How do you guys cope with that? Do you stay true to your initial idea or are considering disrupting part of the roadmap?
This is definitely one of the most important battles to fight. Saying "no" is difficult yet absolutely critical. It can even result in anxiety in the short term because you think you might be missing out.
My coping mechanism is to remind myself of the very fundamental underlying challenges and opportunities that very few companies, if any, have been able to optimally solve, even with the existing subset of functionality.
There's a whole universe to be explored within these constraints.
What are your thoughts on Elm and PureScript?
The neat thing about learning those systems is that they have a lot of transferrable wisdom and ideas. Sure, sometimes those ideas don't transfer directly as boundaries within the code, but they can exist within your head as you architect your software.
So, while we haven't really used Elm and PureScript directly (yet!), I'm very grateful for having been exposed to them and their associated ideas.
Micro looks amazing !! DId you guys have plan to provide real world examples / tutorials /documentations for it ?

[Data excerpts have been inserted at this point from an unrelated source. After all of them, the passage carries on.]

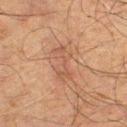Clinical impression: No biopsy was performed on this lesion — it was imaged during a full skin examination and was not determined to be concerning. Context: About 5 mm across. From the right thigh. The tile uses cross-polarized illumination. A close-up tile cropped from a whole-body skin photograph, about 15 mm across. A male patient, approximately 65 years of age.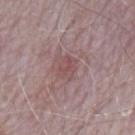follow-up: total-body-photography surveillance lesion; no biopsy
patient: male, aged 63–67
anatomic site: the mid back
acquisition: ~15 mm tile from a whole-body skin photo
tile lighting: white-light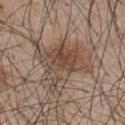{"biopsy_status": "not biopsied; imaged during a skin examination", "lighting": "white-light", "image": {"source": "total-body photography crop", "field_of_view_mm": 15}, "patient": {"sex": "male", "age_approx": 45}, "lesion_size": {"long_diameter_mm_approx": 8.5}, "site": "upper back"}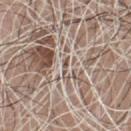Impression:
The lesion was photographed on a routine skin check and not biopsied; there is no pathology result.
Background:
Automated image analysis of the tile measured an area of roughly 1 mm² and two-axis asymmetry of about 0.35. The software also gave a mean CIELAB color near L≈54 a*≈14 b*≈23, a lesion–skin lightness drop of about 10, and a normalized border contrast of about 7. The software also gave a border-irregularity rating of about 3.5/10, internal color variation of about 0 on a 0–10 scale, and peripheral color asymmetry of about 0. It also reported a detector confidence of about 0 out of 100 that the crop contains a lesion. A region of skin cropped from a whole-body photographic capture, roughly 15 mm wide. The lesion is located on the chest. A male patient, aged around 65. Captured under white-light illumination. The lesion's longest dimension is about 2 mm.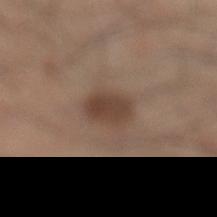This lesion was catalogued during total-body skin photography and was not selected for biopsy. Approximately 3.5 mm at its widest. Located on the left lower leg. A male patient about 35 years old. A region of skin cropped from a whole-body photographic capture, roughly 15 mm wide. Captured under white-light illumination.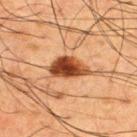Captured under cross-polarized illumination.
A male patient, aged approximately 60.
On the upper back.
Approximately 5 mm at its widest.
A 15 mm close-up tile from a total-body photography series done for melanoma screening.
The total-body-photography lesion software estimated a border-irregularity rating of about 2.5/10 and internal color variation of about 7 on a 0–10 scale. And it measured a classifier nevus-likeness of about 100/100 and a lesion-detection confidence of about 100/100.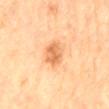- body site — the mid back
- diameter — about 4 mm
- image source — 15 mm crop, total-body photography
- lighting — cross-polarized
- subject — male, aged approximately 85 or older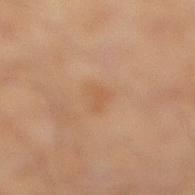  biopsy_status: not biopsied; imaged during a skin examination
  patient:
    sex: male
    age_approx: 60
  image:
    source: total-body photography crop
    field_of_view_mm: 15
  site: leg
  lesion_size:
    long_diameter_mm_approx: 2.5
  lighting: cross-polarized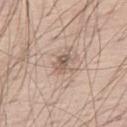Findings:
* workup — total-body-photography surveillance lesion; no biopsy
* patient — male, aged 58 to 62
* site — the right thigh
* lesion diameter — about 3 mm
* illumination — white-light
* acquisition — ~15 mm tile from a whole-body skin photo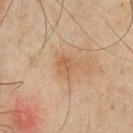Q: Was a biopsy performed?
A: no biopsy performed (imaged during a skin exam)
Q: Illumination type?
A: cross-polarized illumination
Q: Who is the patient?
A: male, aged approximately 45
Q: Where on the body is the lesion?
A: the chest
Q: How was this image acquired?
A: total-body-photography crop, ~15 mm field of view
Q: How large is the lesion?
A: ≈2.5 mm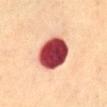No biopsy was performed on this lesion — it was imaged during a full skin examination and was not determined to be concerning. A subject aged 68–72. The tile uses cross-polarized illumination. On the abdomen. Approximately 5 mm at its widest. A 15 mm close-up extracted from a 3D total-body photography capture.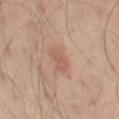Impression:
The lesion was tiled from a total-body skin photograph and was not biopsied.
Image and clinical context:
A male patient aged 48 to 52. Longest diameter approximately 3.5 mm. Automated image analysis of the tile measured a lesion color around L≈56 a*≈21 b*≈27 in CIELAB and roughly 7 lightness units darker than nearby skin. This image is a 15 mm lesion crop taken from a total-body photograph. The lesion is on the leg. Captured under cross-polarized illumination.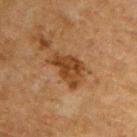Clinical impression:
The lesion was tiled from a total-body skin photograph and was not biopsied.
Image and clinical context:
A male patient, in their mid- to late 60s. Approximately 4.5 mm at its widest. Captured under cross-polarized illumination. An algorithmic analysis of the crop reported an area of roughly 10 mm² and an eccentricity of roughly 0.75. The software also gave a lesion color around L≈39 a*≈21 b*≈35 in CIELAB, a lesion–skin lightness drop of about 10, and a lesion-to-skin contrast of about 9 (normalized; higher = more distinct). The analysis additionally found a border-irregularity rating of about 4.5/10 and radial color variation of about 1.5. The software also gave an automated nevus-likeness rating near 10 out of 100 and lesion-presence confidence of about 100/100. The lesion is on the upper back. A roughly 15 mm field-of-view crop from a total-body skin photograph.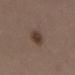follow-up: catalogued during a skin exam; not biopsied | lighting: white-light illumination | size: about 3 mm | patient: female, aged around 40 | site: the right lower leg | imaging modality: ~15 mm tile from a whole-body skin photo.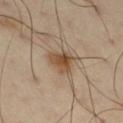<lesion>
  <biopsy_status>not biopsied; imaged during a skin examination</biopsy_status>
  <image>
    <source>total-body photography crop</source>
    <field_of_view_mm>15</field_of_view_mm>
  </image>
  <patient>
    <sex>male</sex>
    <age_approx>55</age_approx>
  </patient>
  <site>leg</site>
</lesion>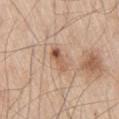workup: no biopsy performed (imaged during a skin exam)
acquisition: ~15 mm tile from a whole-body skin photo
location: the right thigh
illumination: white-light
lesion size: ≈3 mm
image-analysis metrics: a footprint of about 4 mm², an outline eccentricity of about 0.9 (0 = round, 1 = elongated), and two-axis asymmetry of about 0.35; a lesion color around L≈57 a*≈21 b*≈31 in CIELAB, about 11 CIELAB-L* units darker than the surrounding skin, and a lesion-to-skin contrast of about 7.5 (normalized; higher = more distinct); border irregularity of about 3.5 on a 0–10 scale, internal color variation of about 9.5 on a 0–10 scale, and radial color variation of about 3.5; a classifier nevus-likeness of about 55/100 and a lesion-detection confidence of about 100/100
patient: male, aged approximately 60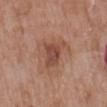Q: Is there a histopathology result?
A: no biopsy performed (imaged during a skin exam)
Q: What kind of image is this?
A: ~15 mm tile from a whole-body skin photo
Q: What is the lesion's diameter?
A: about 4 mm
Q: Lesion location?
A: the back
Q: How was the tile lit?
A: white-light
Q: What are the patient's age and sex?
A: female, roughly 75 years of age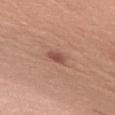Case summary:
- anatomic site: the upper back
- image: total-body-photography crop, ~15 mm field of view
- subject: female, roughly 40 years of age
- TBP lesion metrics: a lesion color around L≈53 a*≈23 b*≈28 in CIELAB, roughly 9 lightness units darker than nearby skin, and a normalized lesion–skin contrast near 6
- lesion size: about 3 mm
- lighting: white-light illumination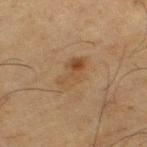Q: Was this lesion biopsied?
A: no biopsy performed (imaged during a skin exam)
Q: What is the imaging modality?
A: 15 mm crop, total-body photography
Q: What is the anatomic site?
A: the leg
Q: Who is the patient?
A: male, aged 63–67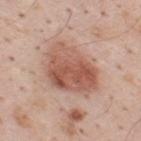No biopsy was performed on this lesion — it was imaged during a full skin examination and was not determined to be concerning.
A 15 mm close-up tile from a total-body photography series done for melanoma screening.
The lesion is on the upper back.
The patient is a male about 35 years old.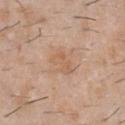Notes:
– biopsy status: catalogued during a skin exam; not biopsied
– subject: male, aged 28–32
– lighting: white-light
– site: the chest
– imaging modality: ~15 mm crop, total-body skin-cancer survey
– size: ~3.5 mm (longest diameter)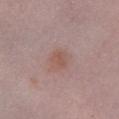Assessment:
Recorded during total-body skin imaging; not selected for excision or biopsy.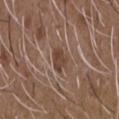From the chest. Cropped from a whole-body photographic skin survey; the tile spans about 15 mm. The patient is a male aged 48 to 52. The total-body-photography lesion software estimated a footprint of about 4.5 mm², a shape eccentricity near 0.65, and a shape-asymmetry score of about 0.2 (0 = symmetric). About 3 mm across.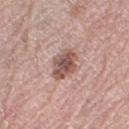Findings:
– follow-up: catalogued during a skin exam; not biopsied
– acquisition: total-body-photography crop, ~15 mm field of view
– site: the left thigh
– patient: female, in their mid-60s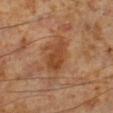follow-up = catalogued during a skin exam; not biopsied
lesion size = about 4.5 mm
imaging modality = ~15 mm crop, total-body skin-cancer survey
location = the left lower leg
illumination = cross-polarized
subject = male, aged approximately 60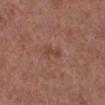| field | value |
|---|---|
| follow-up | imaged on a skin check; not biopsied |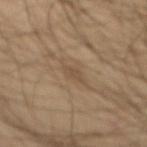Q: Was a biopsy performed?
A: total-body-photography surveillance lesion; no biopsy
Q: Where on the body is the lesion?
A: the mid back
Q: Who is the patient?
A: male, aged 58 to 62
Q: What kind of image is this?
A: ~15 mm crop, total-body skin-cancer survey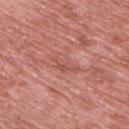Located on the upper back. A male subject, roughly 70 years of age. Cropped from a total-body skin-imaging series; the visible field is about 15 mm. Measured at roughly 3.5 mm in maximum diameter. Imaged with white-light lighting.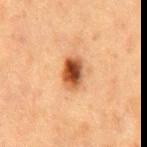Q: Was a biopsy performed?
A: no biopsy performed (imaged during a skin exam)
Q: Where on the body is the lesion?
A: the mid back
Q: What is the imaging modality?
A: ~15 mm crop, total-body skin-cancer survey
Q: How was the tile lit?
A: cross-polarized
Q: Who is the patient?
A: male, aged around 75
Q: What did automated image analysis measure?
A: a border-irregularity index near 1.5/10 and a peripheral color-asymmetry measure near 2; an automated nevus-likeness rating near 100 out of 100 and a detector confidence of about 100 out of 100 that the crop contains a lesion
Q: How large is the lesion?
A: ≈3.5 mm

We plan to invest quite a bit on improving the README for micro (Tim Neutkens is leading that project) to feature examples (like Micro + GraphQL), screencasts and more.
Also check out:
Is there any plan to support account switching for now-desktop? i personally like to separate projects for clients and personal projects with different accounts/subscriptions, but the switch process is kind of cumbersome now
How do you all make such awesome products? 😀 But on a more serious note, what's next for
now? You've already got support for static sites, Node.js, and Docker, so where is the service expanding to next?
Performance, reliability and scalability. We measure every single detail of the system pretty obsessively, and we have a lot of really big improvements coming. I'm excited about all the features that are coming without breaking the contract at all. Faster and better, with one command all the same.
Do you have any plans to bring Now, as a platform, (NaaP?) to a larger business audience - i.e. large companies and Enterprises?
Do you deliberately practice your skills? If yes which ones and how?
What are your plans for Zeit moving into the future? 🕵️
What do you think it's the future of now-desktop? Do you plan having a some UI to allow handle multiple deploys, with their aliases?
will you do something to increase the file size limit of the static assets(fonts, images) in Now.sh?
You are creating amazing products !
- If the now containers is spread around the world and I want to work with AWS RDS or another DBaaS, what is the correct region I should choose to have the lowest latency? why?
Have you thought about a free tier (non-OSS) that lets developers of small projects use the system for awhile while developing? Perhaps you could disable the CDN features, only have one data center, ... disable some other things that aren't required in development/testing but are required for production?
As others have said I'm impressed by what you've done and want to do more, but I can't convince myself that I need to spend another $15/month until it's in production. And then when it's in production $15/month seems too cheap!